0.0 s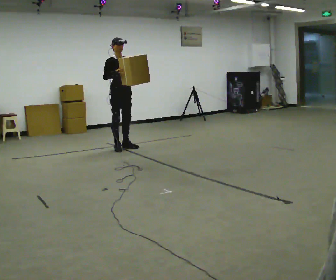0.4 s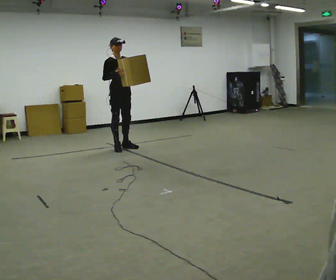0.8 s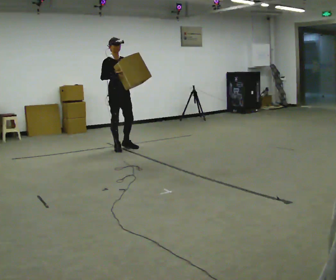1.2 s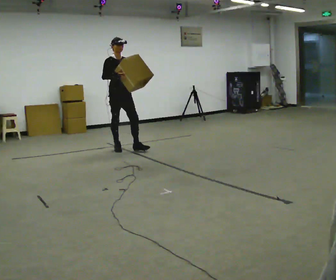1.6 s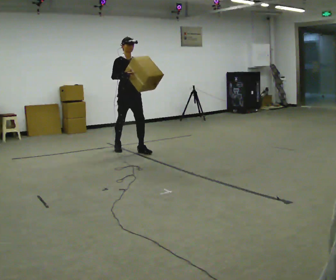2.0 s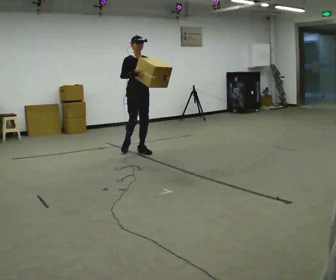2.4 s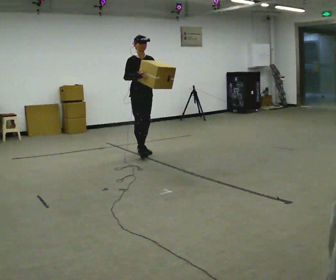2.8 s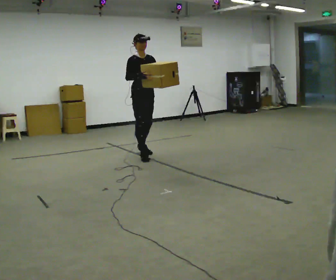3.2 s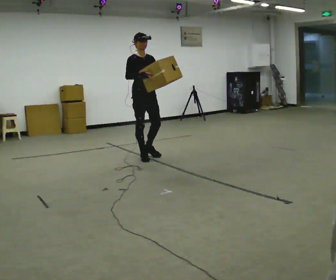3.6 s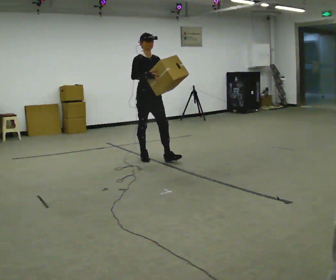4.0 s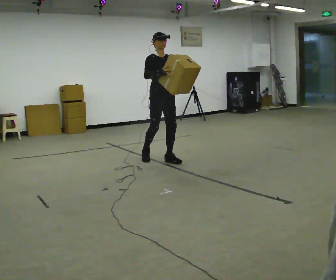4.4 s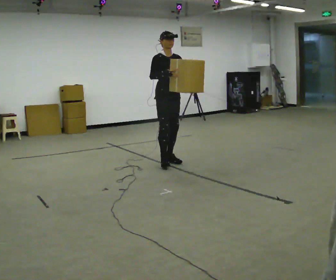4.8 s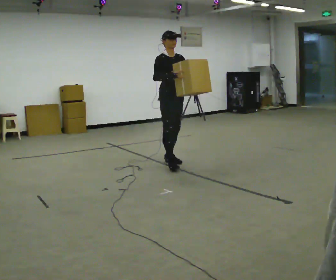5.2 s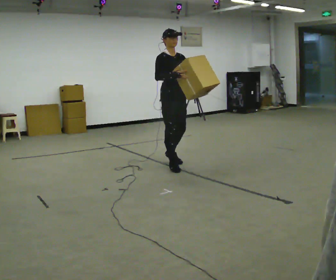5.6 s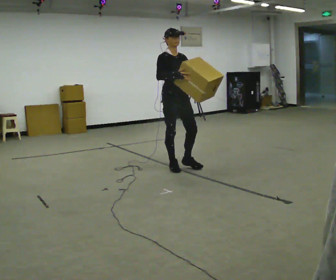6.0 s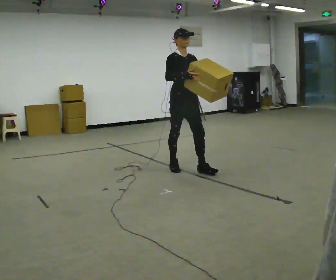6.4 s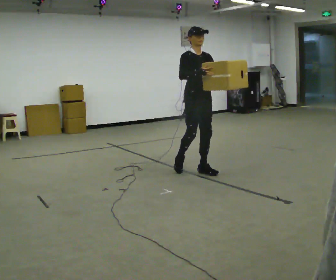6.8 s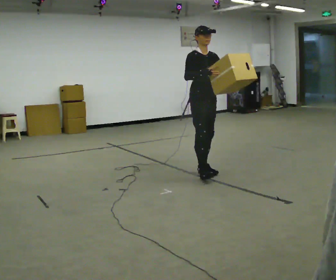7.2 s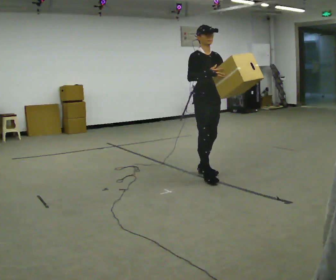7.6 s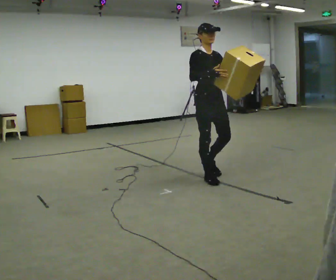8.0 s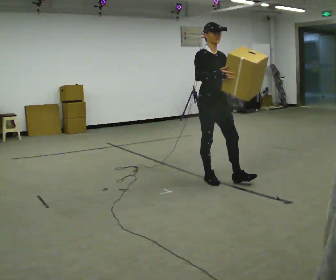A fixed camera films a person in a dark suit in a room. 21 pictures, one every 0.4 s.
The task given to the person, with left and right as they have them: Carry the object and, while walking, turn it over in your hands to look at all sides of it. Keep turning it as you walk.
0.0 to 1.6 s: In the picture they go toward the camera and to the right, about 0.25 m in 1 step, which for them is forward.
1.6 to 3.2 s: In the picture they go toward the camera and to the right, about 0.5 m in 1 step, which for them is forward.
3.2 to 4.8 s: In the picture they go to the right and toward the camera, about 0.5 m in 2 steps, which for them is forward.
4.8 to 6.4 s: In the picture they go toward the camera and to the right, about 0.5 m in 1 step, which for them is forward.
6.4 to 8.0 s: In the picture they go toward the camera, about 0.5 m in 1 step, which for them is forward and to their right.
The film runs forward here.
+++++
▶ **ABOUT THIS EXERCISE**
From the line holding "The task given" down to the final line above, quote every line exactly and only those lines.

▶ **OUTPUT**
The task given to the person, with left and right as they have them: Carry the object and, while walking, turn it over in your hands to look at all sides of it. Keep turning it as you walk.
0.0 to 1.6 s: In the picture they go toward the camera and to the right, about 0.25 m in 1 step, which for them is forward.
1.6 to 3.2 s: In the picture they go toward the camera and to the right, about 0.5 m in 1 step, which for them is forward.
3.2 to 4.8 s: In the picture they go to the right and toward the camera, about 0.5 m in 2 steps, which for them is forward.
4.8 to 6.4 s: In the picture they go toward the camera and to the right, about 0.5 m in 1 step, which for them is forward.
6.4 to 8.0 s: In the picture they go toward the camera, about 0.5 m in 1 step, which for them is forward and to their right.
The film runs forward here.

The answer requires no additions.